Based on the popular video game series of the same title, Mortal Kombat serves as a reboot to the film series after spending almost twenty years in development hell. Directed by Simon McQuoid, 2021’s Mortal Kombat tells the story of a washed-up MMA fighter who is unaware of his hidden lineage, or why he is being hunted down by Sub-Zero of the Lin-Kuei clan of assassins. Concerned for the safety of his family, he seeks out a team of fighters who were chosen to defend Earthrealm in a high-stakes battle against the forces of Outworld. Mortal Kombat Review
Stealing practically every scene he’s in, Joe Taslim’s take on Bi-Han, the first Sub-Zero, is absolutely riveting to watch. Exuding an intimidating on-screen presence, Sub-Zero is brought to life through Taslim’s remarkable performance and visually captivating computer-generated special effects. Aside from Taslim, the film is also elevated through the performances of Hiroyuki Sanada and Tadanobu Asano, with both of them playing Scorpion and Raiden, respectively. With its cast of mostly Asian actors, Mortal Kombat is relatively faithful to its source material in the casting department, especially when compared to 2017’s Ghost in the Shell.
Often regarded as one of the most influential video games of all time, one of Mortal Kombat’s defining aspects is its over-the-top and bombastic use of violence and gore. Surprisingly, despite its hard-R rating, 2021’s Mortal Kombat is significantly toned-down in contrast to its source material. While the film is still recognisable through its use of gore and violence, it feels more grounded when compared to its source material (as grounded as a modern-day Mortal Kombat live-action adaptation can be). On the flip side, this decision might not sit well with purists of the video game series or even casual moviegoers hoping to see more R-rated worthy action sequences.
The action sequences of Mortal Kombat varies from scene to scene as it ranges from extremely choppy to excellent. For a significant section of the film, the fight sequences are edited with fast cutting technique, which is undoubtedly frustrating for action-adventure moviegoers. Instead of serving as culminations of dramatic tension, the fight sequences of the film come across as unimaginative at times. Why learn a lengthy choreography when you can do thousands of jump cuts? That being said, the climatic fight sequence is very well executed, with the film finally finding the right balance direction, character, and fight choreography.
In terms of its narrative, Mortal Kombat’s bare bones structure makes for a straightforward story.
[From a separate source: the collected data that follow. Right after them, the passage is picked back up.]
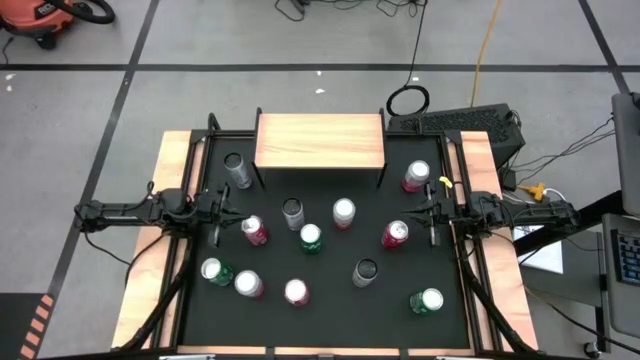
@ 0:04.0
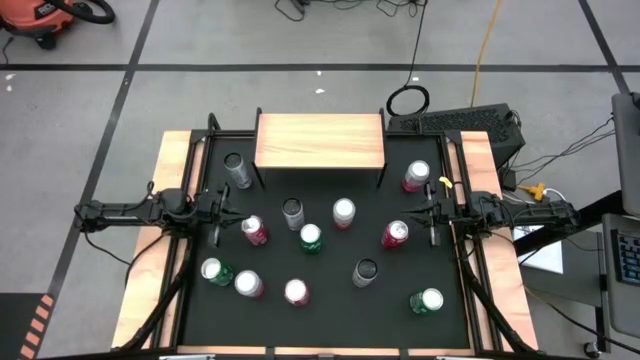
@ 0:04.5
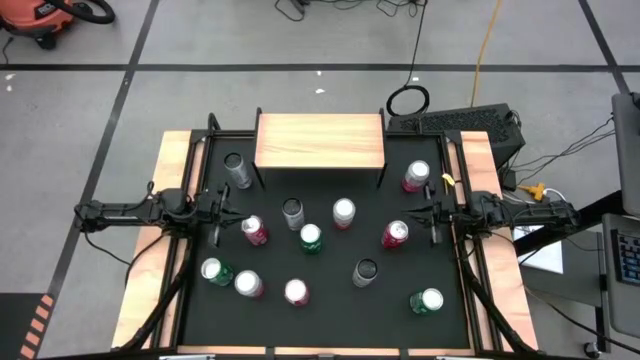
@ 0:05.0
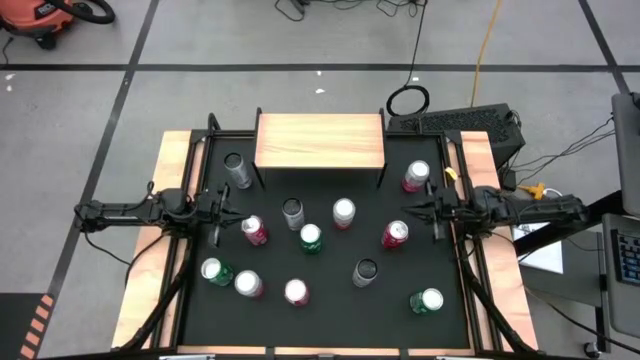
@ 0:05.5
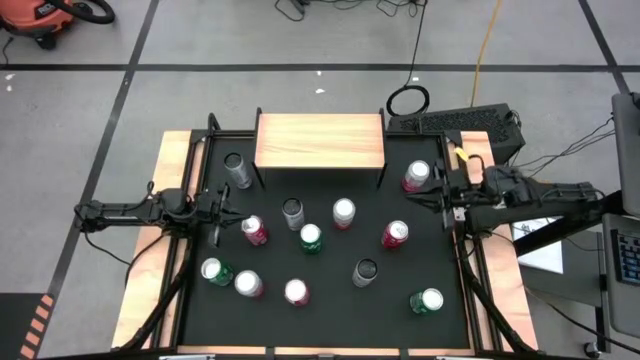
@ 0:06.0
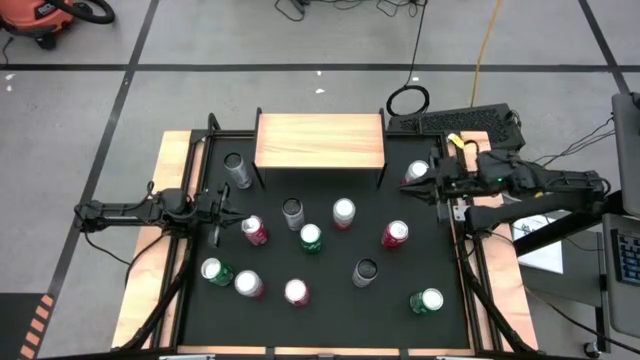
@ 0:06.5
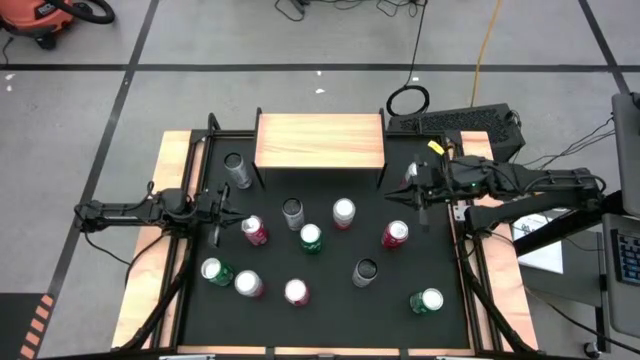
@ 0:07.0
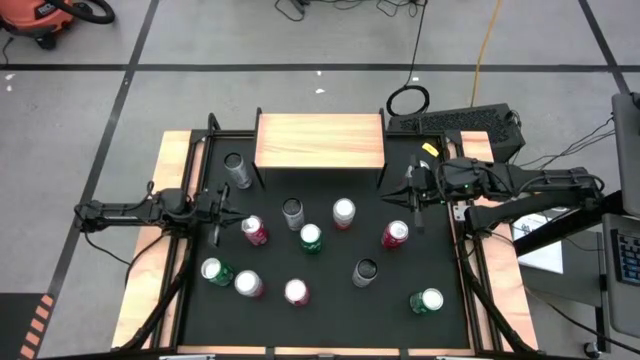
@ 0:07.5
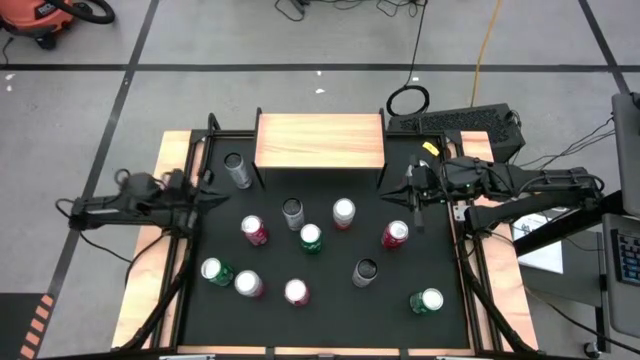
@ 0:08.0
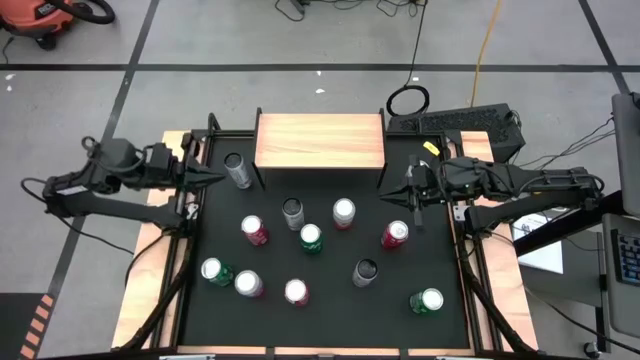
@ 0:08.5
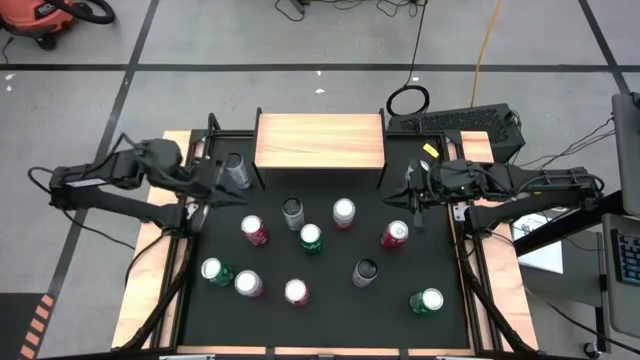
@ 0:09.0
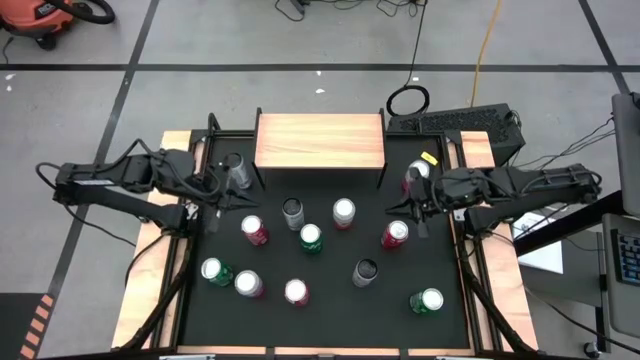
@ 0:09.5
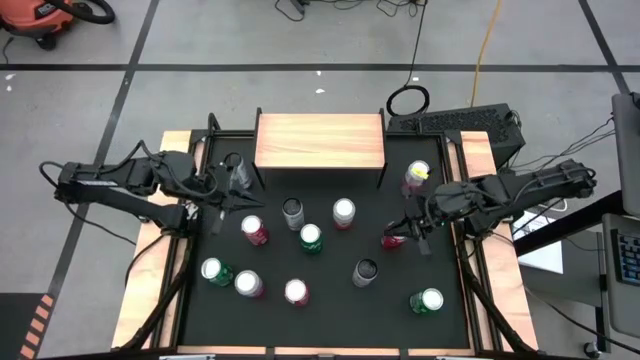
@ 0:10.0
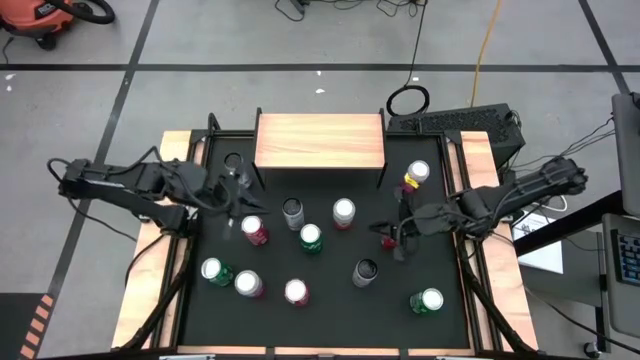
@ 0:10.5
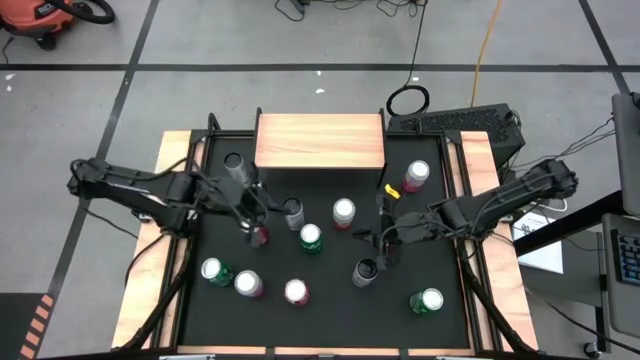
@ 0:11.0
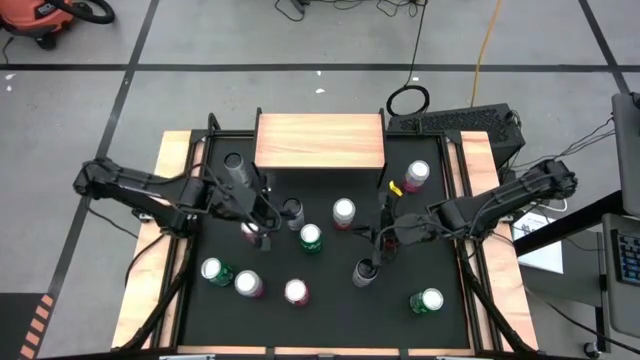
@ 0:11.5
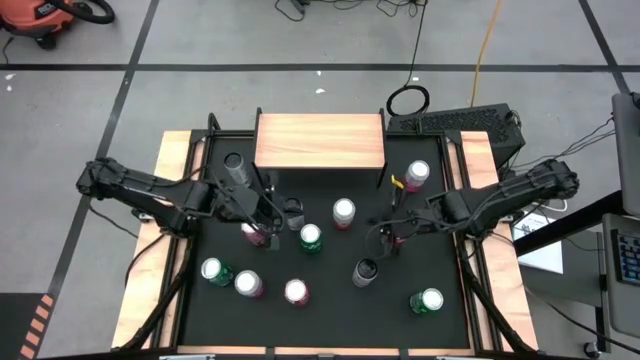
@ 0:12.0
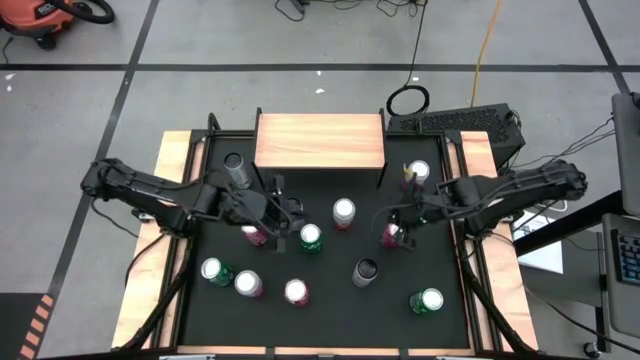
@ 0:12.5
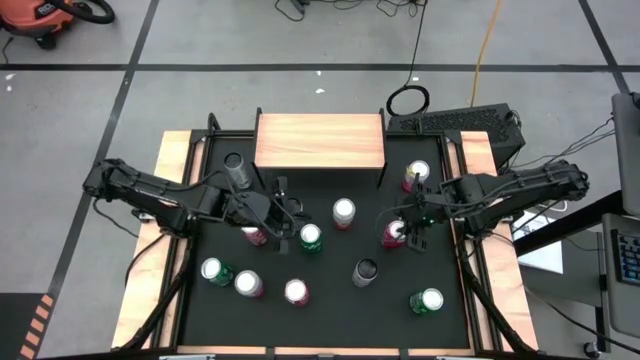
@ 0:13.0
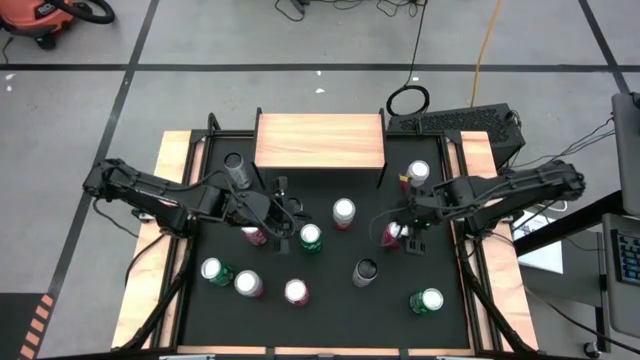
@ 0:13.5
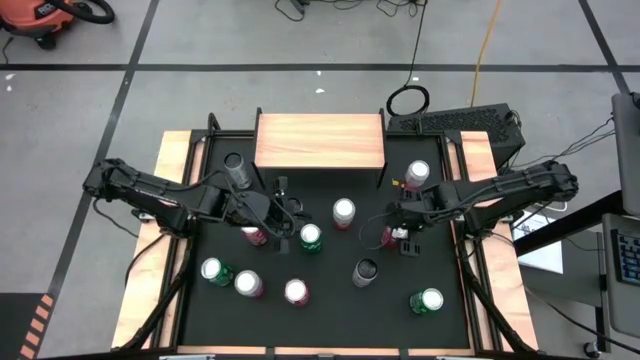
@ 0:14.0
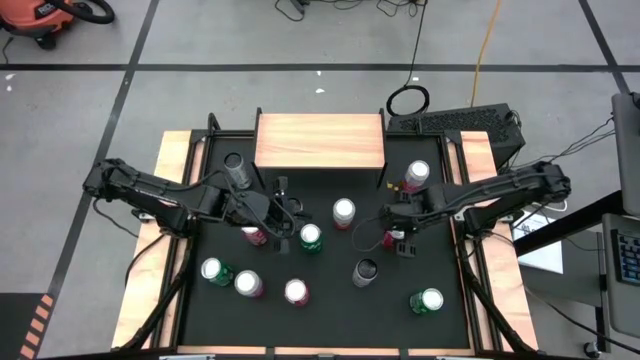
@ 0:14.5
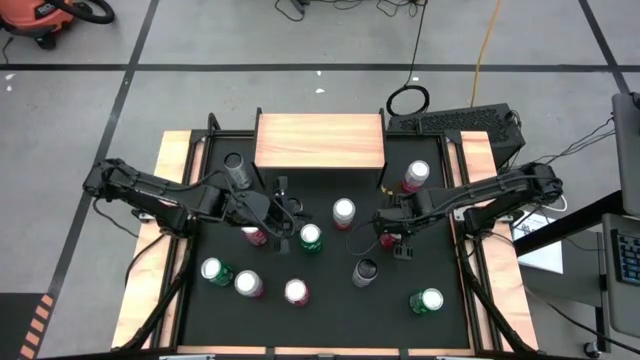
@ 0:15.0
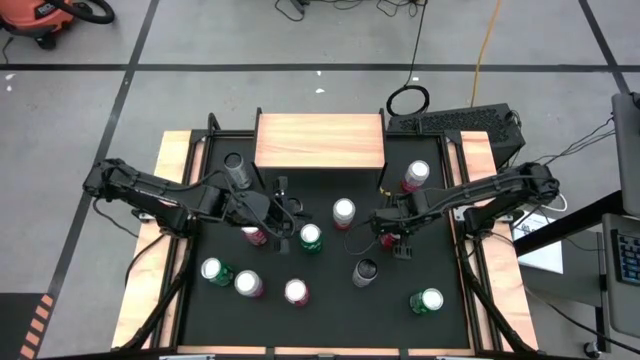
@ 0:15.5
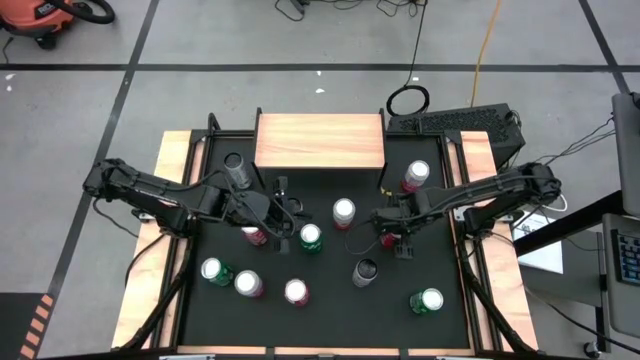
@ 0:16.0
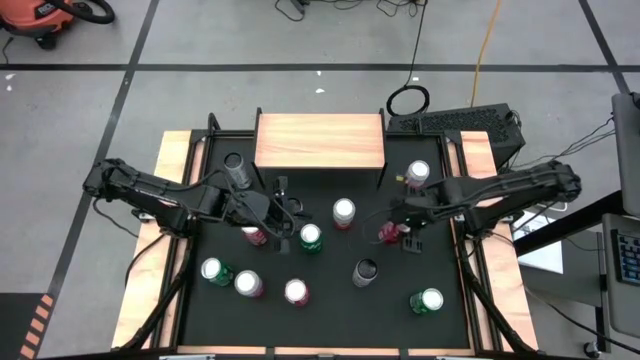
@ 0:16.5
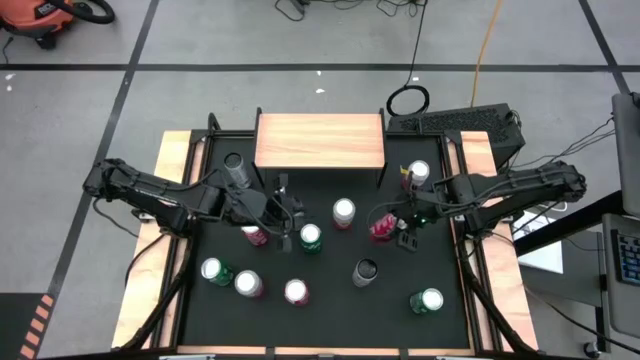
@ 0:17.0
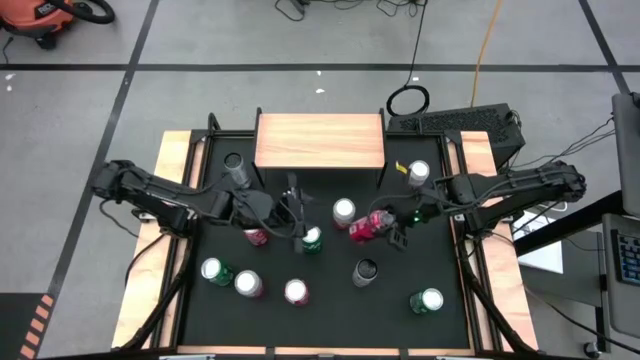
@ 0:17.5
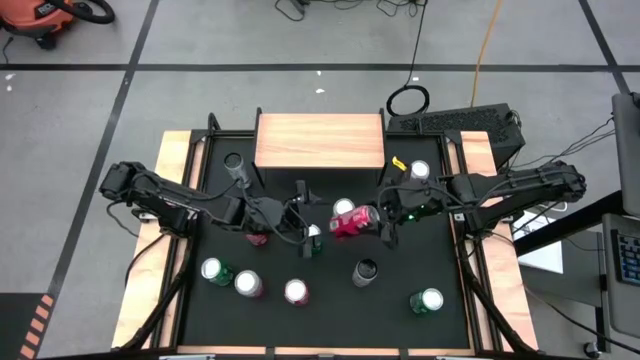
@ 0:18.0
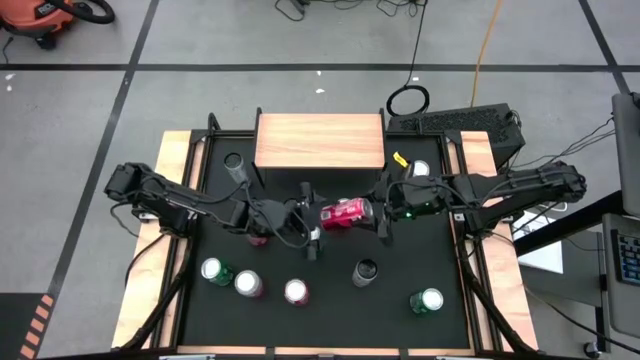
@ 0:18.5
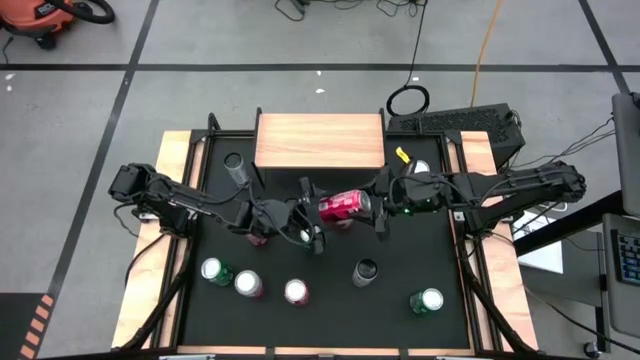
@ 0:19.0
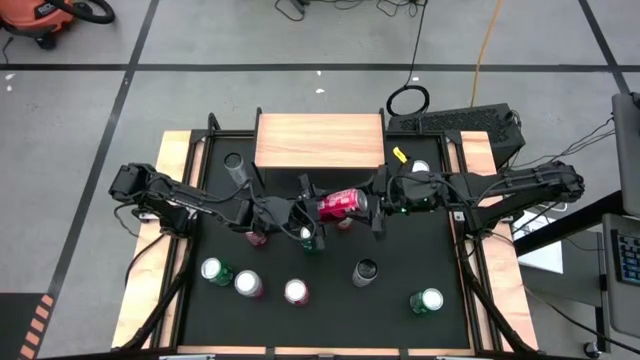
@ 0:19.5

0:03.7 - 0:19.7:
Task: Place canned beverage on shelf
Put the top right red soda can on the shelf

However, its second act is severely bogged down by expository dialogue, thus damaging the pacing of the film. Unlike video games, the film adaptation does not have over 20 hours of gameplay at its expense to flesh out its worldbuilding and characters. As a result, characters of the film often act as expository machine, condensing important information such as backstories, character motivations, and worldbuilding into what is essentially, forced exposition.
For the longest time, there is an unspeakable curse in Hollywood that prevents the film industry from providing satisfying content based on video game properties. Whether it’s Assassin’s Creed, Super Mario Bros., or Tomb Raider, film adaptations of video game properties have always struggled in reproducing the same success they enjoy in their original form. While Mortal Kombat does not necessarily break the curse, it represents a step in the right direction, and each step forward is worth celebrating.